Continuity of Metric Projection Operator from C[0, 1] onto Pn with Applications to Mordukhovich Derivatives

TL;DR

This paper proves the continuity of the metric projection from C[0, 1] to polynomial subspaces and explores its implications for Mordukhovich derivatives, including properties and fixed points.

Contribution

It establishes the norm continuity of the metric projection operator onto polynomial subspaces in C[0, 1], enabling analysis of Mordukhovich derivatives.

Findings

Metric projection operator is single-valued and continuous.

Continuity facilitates the study of Mordukhovich derivatives.

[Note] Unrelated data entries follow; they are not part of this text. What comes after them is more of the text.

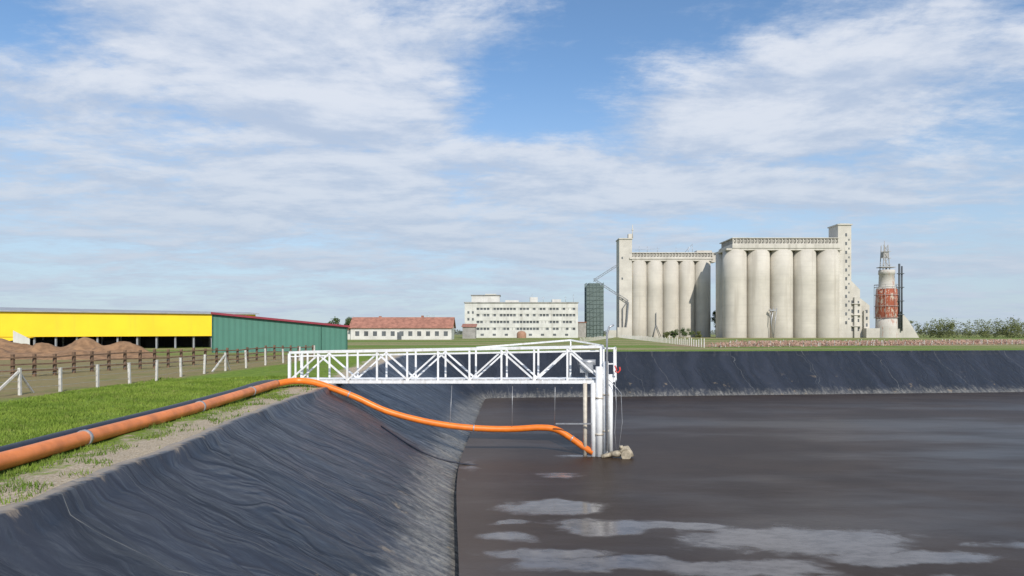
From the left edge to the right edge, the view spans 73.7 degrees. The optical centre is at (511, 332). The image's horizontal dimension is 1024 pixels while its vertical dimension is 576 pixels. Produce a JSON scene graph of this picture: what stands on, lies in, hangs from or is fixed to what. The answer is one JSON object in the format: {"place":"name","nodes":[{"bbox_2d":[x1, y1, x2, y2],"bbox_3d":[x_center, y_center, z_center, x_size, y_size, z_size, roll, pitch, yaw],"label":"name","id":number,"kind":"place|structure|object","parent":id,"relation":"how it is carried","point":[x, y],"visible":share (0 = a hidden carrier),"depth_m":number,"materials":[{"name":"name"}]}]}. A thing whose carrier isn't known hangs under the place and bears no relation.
{"place":"outdoors","nodes":[
{"label":"outdoors","id":0,"kind":"place"},
{"bbox_2d":[0,375,316,504],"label":"grass","id":1,"kind":"structure","parent":0,"point":[38,412],"depth_m":20.91,"materials":[{"name":"green plant"}]},
{"bbox_2d":[0,333,1023,506],"bbox_3d":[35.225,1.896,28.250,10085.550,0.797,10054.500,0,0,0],"label":"ground","id":2,"kind":"structure","parent":0,"point":[276,367],"depth_m":38.38,"materials":[{"name":"green plant"}]},
{"bbox_2d":[0,337,158,359],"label":"soil heap","id":3,"kind":"object","parent":2,"relation":"on","point":[83,345],"visible":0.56,"depth_m":60.28,"materials":[{"name":"brown soil"}]},
{"bbox_2d":[0,307,258,347],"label":"yellow storage hall","id":4,"kind":"structure","parent":2,"relation":"on","point":[60,327],"depth_m":95.38,"materials":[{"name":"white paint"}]},
{"bbox_2d":[13,331,29,343],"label":"door","id":5,"kind":"structure","parent":4,"relation":"in","point":[17,338],"depth_m":89.42,"materials":[{"name":"white paint"}]},
{"bbox_2d":[0,380,273,451],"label":"black hose","id":6,"kind":"object","parent":2,"relation":"on","point":[48,437],"visible":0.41,"depth_m":15.19,"materials":[{"name":"rubber"}]},
{"bbox_2d":[0,345,313,377],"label":"timber rail fence","id":7,"kind":"object","parent":2,"relation":"on","point":[12,364],"visible":0.81,"depth_m":40.07,"materials":[{"name":"brown wood"}]},
{"bbox_2d":[0,345,314,394],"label":"wire fence","id":8,"kind":"object","parent":2,"relation":"on","point":[60,378],"visible":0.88,"depth_m":29.25,"materials":[{"name":"concrete"}]},
{"bbox_2d":[211,312,349,352],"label":"green shed","id":9,"kind":"structure","parent":2,"relation":"on","point":[233,331],"depth_m":77.03,"materials":[{"name":"metal"}]},
{"bbox_2d":[328,316,339,323],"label":"broadleaf tree","id":10,"kind":"object","parent":2,"relation":"on","point":[334,320],"visible":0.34,"depth_m":243.95,"materials":[{"name":"green plant"}]},
{"bbox_2d":[344,316,351,324],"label":"broadleaf tree","id":11,"kind":"object","parent":2,"relation":"on","point":[349,319],"visible":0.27,"depth_m":249.41,"materials":[{"name":"green plant"}]},
{"bbox_2d":[348,316,455,339],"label":"red roofed farmhouse","id":12,"kind":"object","parent":2,"relation":"on","point":[402,328],"visible":0.96,"depth_m":220.00,"materials":[{"name":"white paint"}]},
{"bbox_2d":[355,331,447,339],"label":"windows","id":13,"kind":"structure","parent":12,"relation":"in","point":[401,333],"depth_m":219.92,"materials":[{"name":"grey glass"}]},
{"bbox_2d":[288,324,622,456],"bbox_3d":[-2.573,2.408,27.915,14.046,5.485,1.772,0,0,11],"label":"truss footbridge","id":14,"kind":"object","parent":2,"relation":"on","point":[602,384],"visible":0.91,"depth_m":27.34,"materials":[{"name":"white paint"}]},
{"bbox_2d":[0,350,1023,575],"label":"pond liner","id":15,"kind":"object","parent":2,"relation":"on","point":[322,481],"visible":0.8,"depth_m":16.03,"materials":[{"name":"black plastic"}]},
{"bbox_2d":[381,425,474,464],"bbox_3d":[-3.008,4.152,24.857,4.073,1.354,0.460,0,0,16],"label":"drain hose","id":16,"kind":"object","parent":15,"relation":"on","point":[425,452],"visible":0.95,"depth_m":24.67,"materials":[{"name":"black rubber"}]},
{"bbox_2d":[464,294,578,337],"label":"white office block","id":17,"kind":"structure","parent":2,"relation":"on","point":[491,315],"depth_m":300.00,"materials":[{"name":"paint"}]},
{"bbox_2d":[467,308,574,335],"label":"windows","id":18,"kind":"structure","parent":17,"relation":"in","point":[477,308],"depth_m":300.38,"materials":[{"name":"grey glass"}]},
{"bbox_2d":[584,282,603,336],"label":"netted scaffold tower","id":19,"kind":"structure","parent":2,"relation":"on","point":[594,306],"depth_m":328.00,"materials":[{"name":"green fabric"}]},
{"bbox_2d":[593,225,715,336],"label":"grain silos","id":20,"kind":"object","parent":2,"relation":"on","point":[658,294],"visible":0.88,"depth_m":330.84,"materials":[{"name":"concrete"}]},
{"bbox_2d":[662,331,670,337],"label":"shrub","id":21,"kind":"object","parent":2,"relation":"on","point":[666,334],"visible":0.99,"depth_m":297.23,"materials":[{"name":"green plant"}]},
{"bbox_2d":[670,329,678,337],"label":"shrub","id":22,"kind":"object","parent":2,"relation":"on","point":[674,333],"visible":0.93,"depth_m":299.86,"materials":[{"name":"green plant"}]},
{"bbox_2d":[679,327,692,336],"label":"shrub","id":23,"kind":"object","parent":2,"relation":"on","point":[682,331],"visible":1,"depth_m":302.70,"materials":[{"name":"green plant"}]},
{"bbox_2d":[693,331,701,337],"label":"shrub","id":24,"kind":"object","parent":2,"relation":"on","point":[699,335],"visible":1,"depth_m":305.28,"materials":[{"name":"green plant"}]},
{"bbox_2d":[711,310,715,328],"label":"poplar tree","id":25,"kind":"object","parent":2,"relation":"on","point":[714,317],"visible":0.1,"depth_m":332.59,"materials":[{"name":"green plant"}]},
{"bbox_2d":[454,329,1022,334],"bbox_3d":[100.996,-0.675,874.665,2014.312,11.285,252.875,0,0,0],"label":"distant treeline","id":26,"kind":"object","parent":2,"relation":"on","point":[458,332],"visible":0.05,"depth_m":837.79,"materials":[{"name":"green plant"}]},
{"bbox_2d":[714,223,869,337],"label":"grain silos","id":27,"kind":"object","parent":2,"relation":"on","point":[787,288],"visible":0.9,"depth_m":301.16,"materials":[{"name":"concrete"}]},
{"bbox_2d":[845,233,849,323],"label":"windows","id":28,"kind":"structure","parent":27,"relation":"in","point":[845,233],"depth_m":302.95,"materials":[{"name":"grey glass"}]},
{"bbox_2d":[851,300,867,330],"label":"annex windows","id":29,"kind":"structure","parent":27,"relation":"in","point":[851,300],"depth_m":303.92,"materials":[{"name":"grey glass"}]},
{"bbox_2d":[580,335,1023,347],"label":"vineyard stakes","id":30,"kind":"object","parent":2,"relation":"on","point":[651,338],"visible":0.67,"depth_m":131.76,"materials":[{"name":"concrete"}]},
{"bbox_2d":[705,339,1023,347],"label":"vine rows","id":31,"kind":"object","parent":2,"relation":"on","point":[823,343],"visible":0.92,"depth_m":120.73,"materials":[{"name":"plant"}]},
{"bbox_2d":[910,315,1023,337],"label":"distant bushes","id":32,"kind":"object","parent":2,"relation":"on","point":[1006,330],"visible":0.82,"depth_m":300.03,"materials":[{"name":"green plant"}]},
{"bbox_2d":[0,0,1023,332],"label":"sky","id":33,"kind":"structure","parent":0,"point":[320,161],"materials":[{"name":"blue"}]},
{"bbox_2d":[517,331,525,337],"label":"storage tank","id":34,"kind":"object","parent":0,"point":[521,334],"visible":0.9,"depth_m":286.45,"materials":[{"name":"metal"}]},
{"bbox_2d":[456,392,1023,575],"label":"slurry pond","id":35,"kind":"structure","parent":0,"point":[909,484],"depth_m":20.83,"materials":[{"name":"brown liquid"}]},
{"bbox_2d":[0,378,592,470],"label":"orange pipeline","id":36,"kind":"object","parent":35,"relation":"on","point":[11,458],"visible":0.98,"depth_m":18.14,"materials":[{"name":"plastic"}]},
{"bbox_2d":[601,445,633,458],"bbox_3d":[4.001,4.538,25.898,1.244,0.537,0.396,0,0,0],"label":"slurry pump","id":37,"kind":"object","parent":35,"relation":"in","point":[624,452],"visible":0.99,"depth_m":25.84,"materials":[{"name":"beige metal"}]},
{"bbox_2d":[862,241,918,337],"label":"rusty kiln tower","id":38,"kind":"structure","parent":0,"point":[891,320],"depth_m":300.03,"materials":[{"name":"white concrete"}]}
]}

Results have applications in fixed-point theory.

Abstract

Let C[0, 1] be the Banach space of all continuous real valued functions on [0, 1]. For an arbitrarily given nonnegative integer n, let Pn denote the set of all polynomials with degree less than or equal to n. Pn is a closed subspace of C[0, 1]. In this paper, we first prove (in details) that the metric projection operator from C[0, 1] to Pn is a single-valued mapping and it is (norm to norm) continuous. Then, we use the continuity of Pn to investigate the Gateaux directional derivatives, some properties and fixed-point properties of the Mordukhovich derivatives of the metric projection operator.